Phone no., names, addresses, e-mails, etc. all out. This is indeed pretty bad. A lot of people I know who use BTC use it foremost for privacy reasons, it is tremendously ironic how this has worked out.
Using a robots.txt-file to hide data that shouldn't be public in the first place is a rather bad idea. Because the robots.txt itself is public, it actually highlights the location of the "private" data.
That is what I am wondering. Here I am building a web site and wondering how to make Google index sites behind authentication and such, and here is a site that has got everything indexed.
After reading Coinbase's response, it seems that the pages were not linked to by Coinbase, but by users posting links to their checkout page on the Internet.
You can also specify a meta robots tag inside the page HTML. If you want to block a lot of pages, your best bet would be to add it to your master layout or template. You get the same effect of blocking on robots.txt but without exposing a list of blocked pages.
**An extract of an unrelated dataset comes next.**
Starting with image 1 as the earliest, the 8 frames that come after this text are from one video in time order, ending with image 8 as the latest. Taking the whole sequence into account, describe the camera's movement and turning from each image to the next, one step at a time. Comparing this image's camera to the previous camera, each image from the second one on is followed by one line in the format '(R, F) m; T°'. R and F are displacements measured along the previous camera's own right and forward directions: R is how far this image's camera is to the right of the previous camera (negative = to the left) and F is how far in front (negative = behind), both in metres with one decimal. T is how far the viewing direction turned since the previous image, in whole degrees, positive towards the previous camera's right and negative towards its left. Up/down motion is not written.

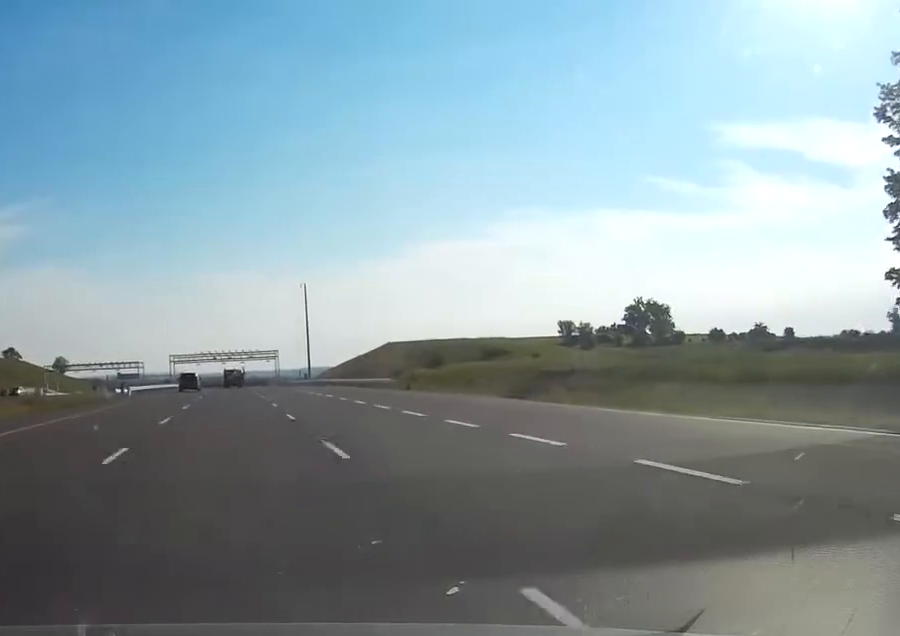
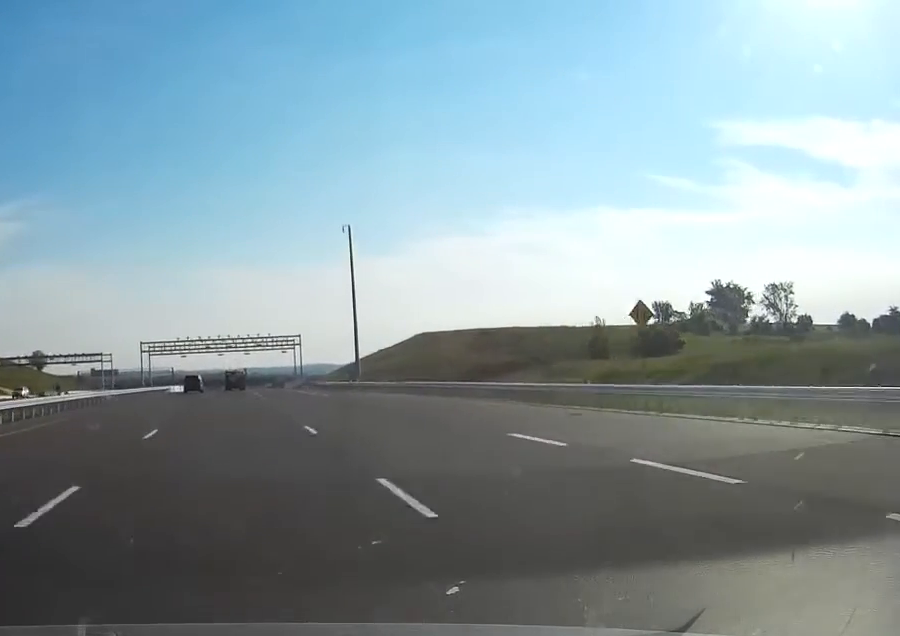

The downside is that Google will still crawl the page and use your bandwidth, but the page won't be indexed.
I would suggest both these two:
Check the user agent for bots and if it is a bot send a 404 header and exit before page needs to load.
Also add a meta noindex just in case.
Robots.txt DOES NOT prevent indexing, just crawling.
Shameful. I know little about web development but this seems rather obvious, even to me.